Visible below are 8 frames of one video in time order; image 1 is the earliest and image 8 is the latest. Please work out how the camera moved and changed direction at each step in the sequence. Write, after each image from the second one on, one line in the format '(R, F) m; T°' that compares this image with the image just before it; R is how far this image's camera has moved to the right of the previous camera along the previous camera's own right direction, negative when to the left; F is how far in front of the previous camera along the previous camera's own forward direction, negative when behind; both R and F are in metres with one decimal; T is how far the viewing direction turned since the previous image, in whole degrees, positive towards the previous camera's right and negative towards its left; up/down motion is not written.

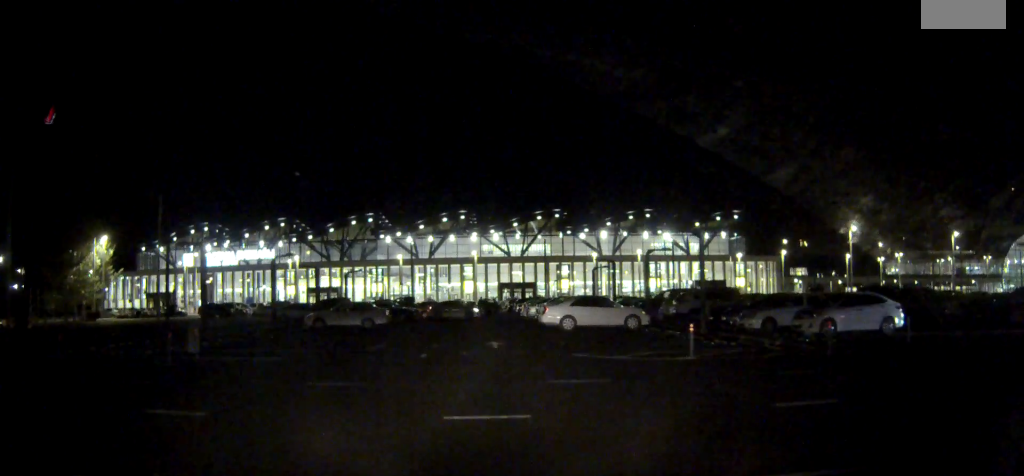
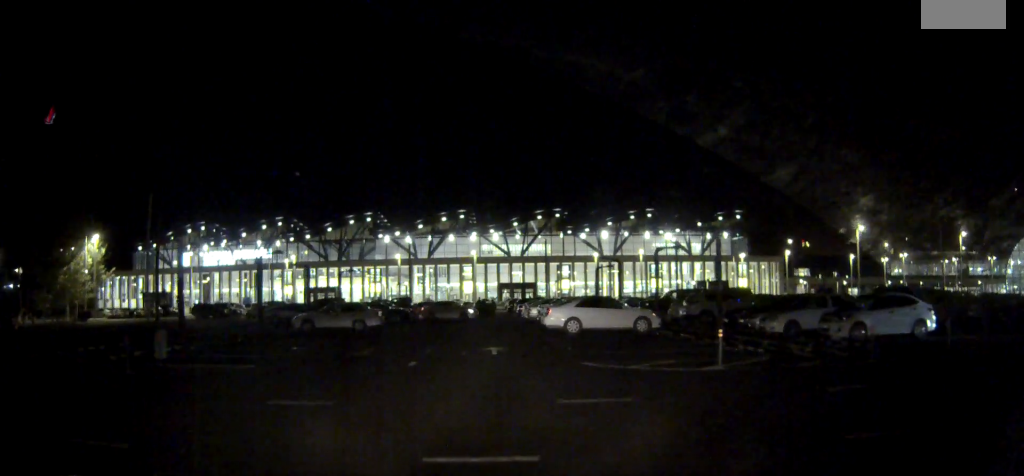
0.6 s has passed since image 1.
(0.0, +2.3) m; 0°
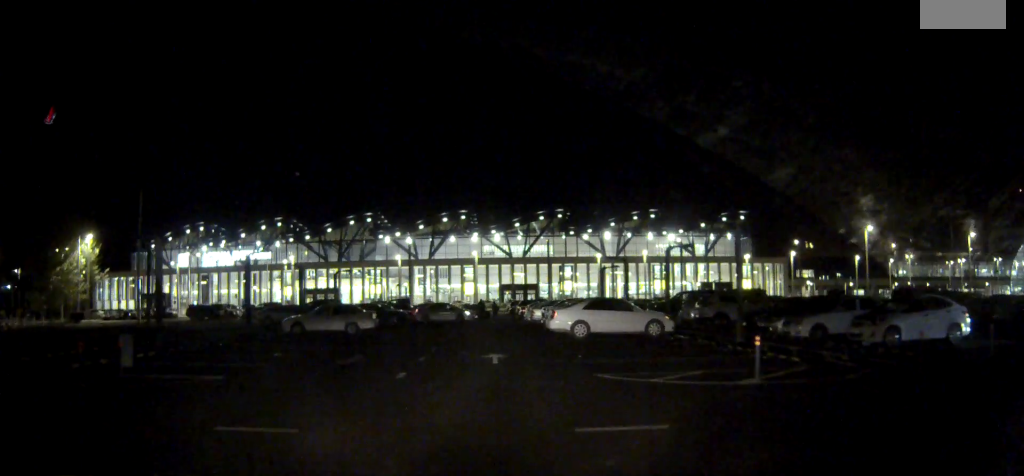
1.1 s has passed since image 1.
(0.0, +2.0) m; 0°
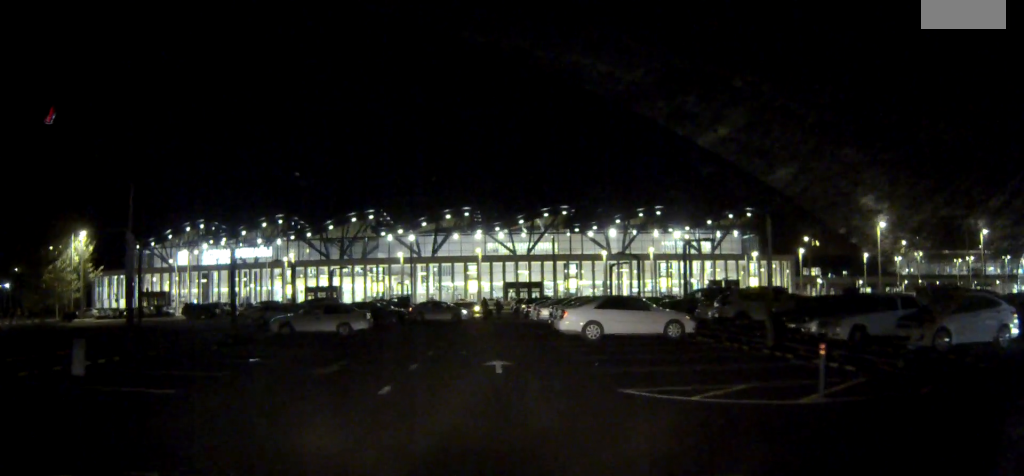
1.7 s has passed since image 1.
(0.0, +2.4) m; 0°
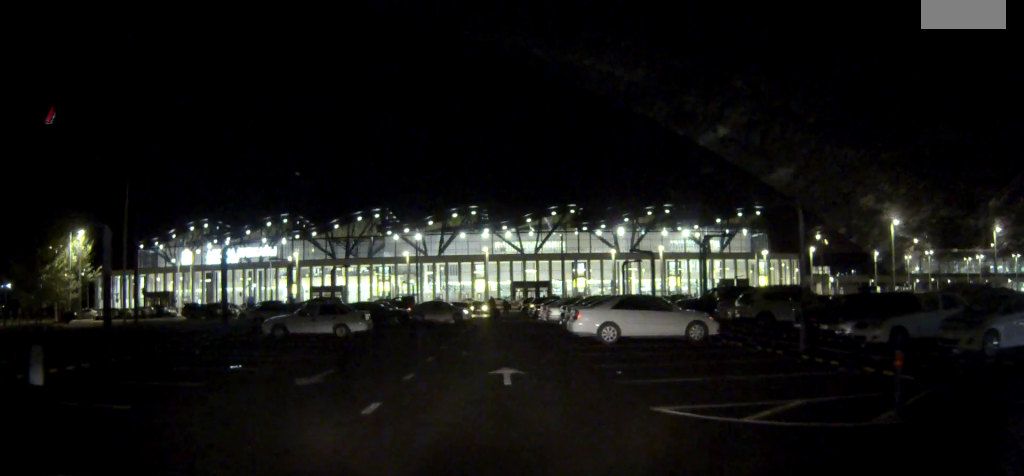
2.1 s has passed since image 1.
(0.0, +1.9) m; 0°
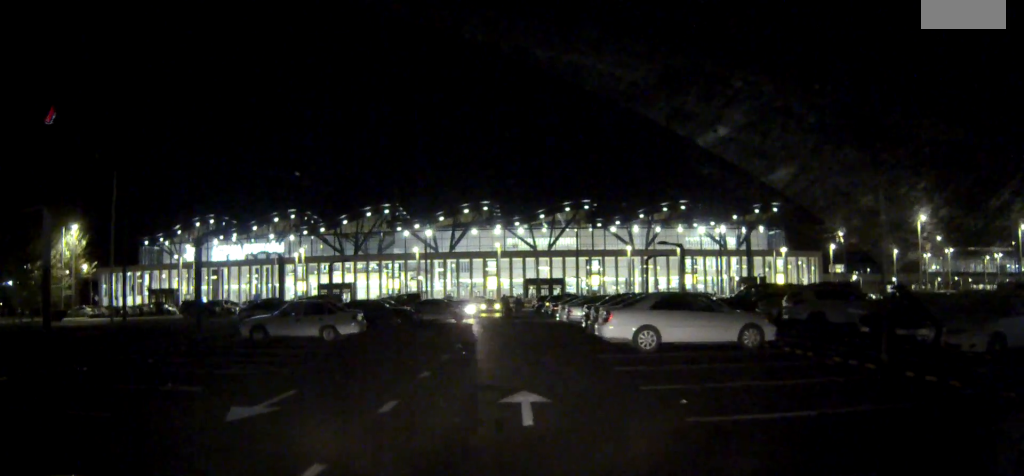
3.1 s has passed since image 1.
(0.0, +4.0) m; 0°
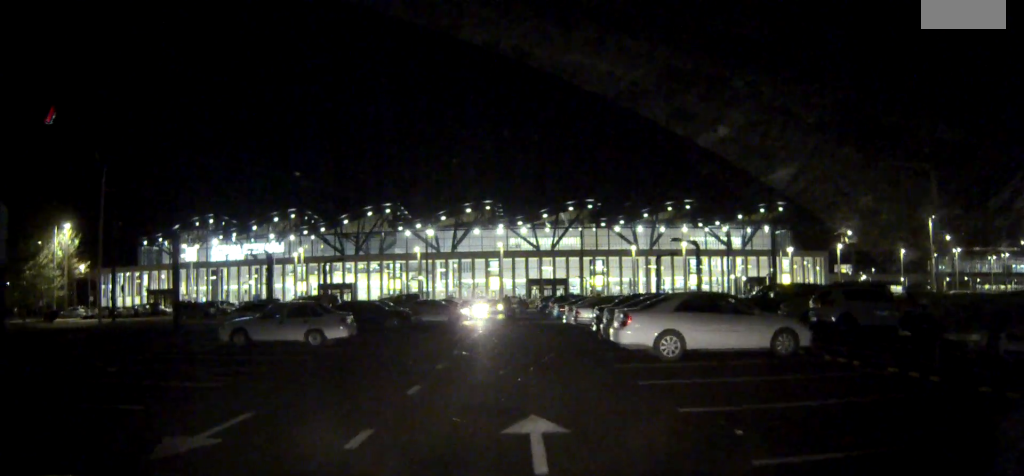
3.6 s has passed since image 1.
(0.0, +2.3) m; 0°
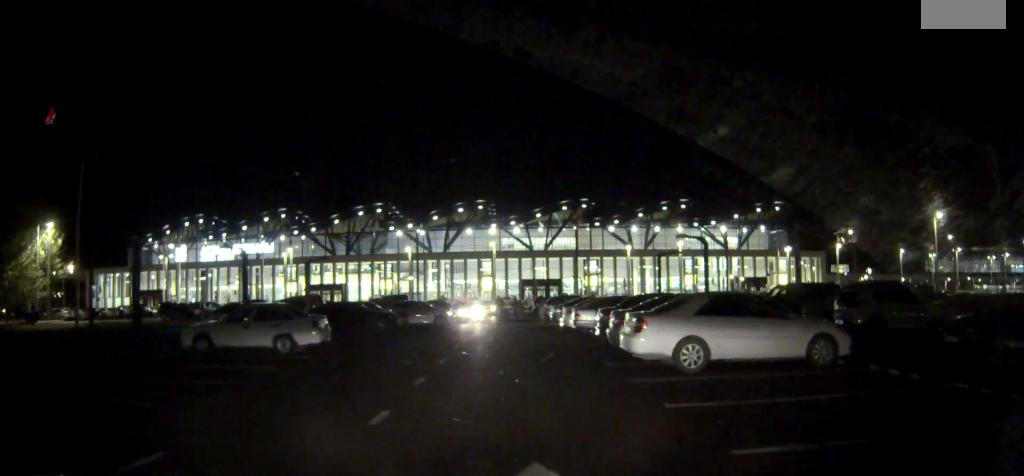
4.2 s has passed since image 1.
(0.0, +2.6) m; 0°
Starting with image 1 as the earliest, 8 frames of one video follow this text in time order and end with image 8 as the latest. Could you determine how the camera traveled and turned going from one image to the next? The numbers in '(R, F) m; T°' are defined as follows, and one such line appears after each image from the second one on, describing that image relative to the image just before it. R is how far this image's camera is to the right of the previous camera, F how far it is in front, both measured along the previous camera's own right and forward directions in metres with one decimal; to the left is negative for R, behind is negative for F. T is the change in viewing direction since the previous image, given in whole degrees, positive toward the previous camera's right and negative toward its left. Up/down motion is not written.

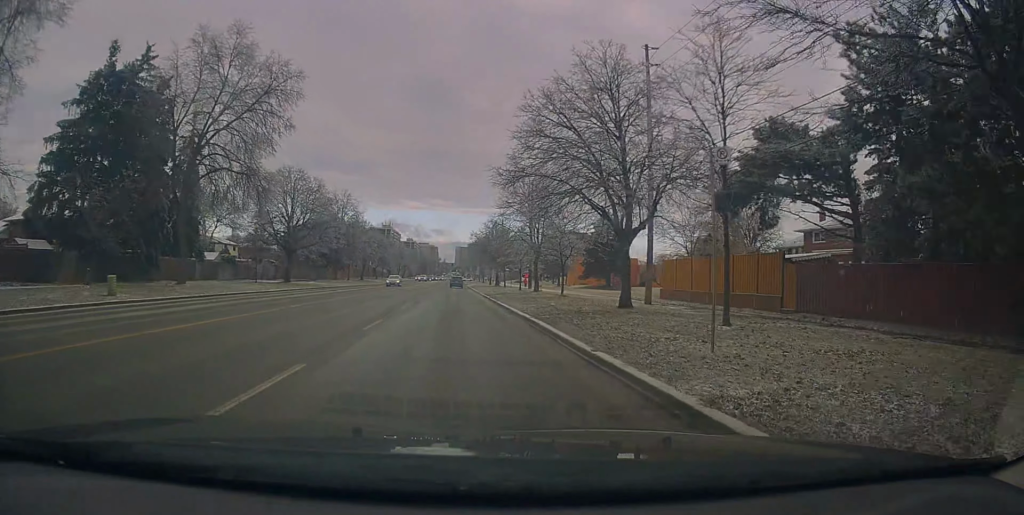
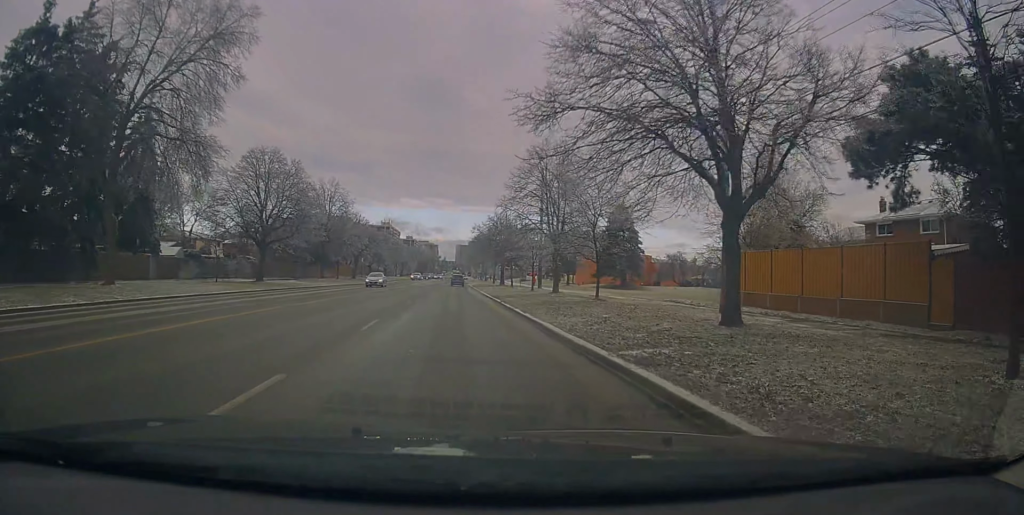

----------------------------------------

### EXERCISE PROMPT
If a line in the entries above has the word "along", copy it.

### TASK ANSWER
Visible below are 8 frames of one video in time order; image 1 is the earliest and image 8 is the latest. Please work out how the camera moved and changed direction at each step in the sequence. Write, after each image from the second one on, one line in the format '(R, F) m; T°' that compares this image with the image just before it; R is how far this image's camera has moved to the right of the previous camera along the previous camera's own right direction, negative when to the left; F is how far in front of the previous camera along the previous camera's own forward direction, negative when behind; both R and F are in metres with one decimal; T is how far the viewing direction turned since the previous image, in whole degrees, positive towards the previous camera's right and negative towards its left; up/down motion is not written.
Starting with image 1 as the earliest, 8 frames of one video follow this text in time order and end with image 8 as the latest. Could you determine how the camera traveled and turned going from one image to the next? The numbers in '(R, F) m; T°' are defined as follows, and one such line appears after each image from the second one on, describing that image relative to the image just before it. R is how far this image's camera is to the right of the previous camera, F how far it is in front, both measured along the previous camera's own right and forward directions in metres with one decimal; to the left is negative for R, behind is negative for F. T is the change in viewing direction since the previous image, given in whole degrees, positive toward the previous camera's right and negative toward its left. Up/down motion is not written.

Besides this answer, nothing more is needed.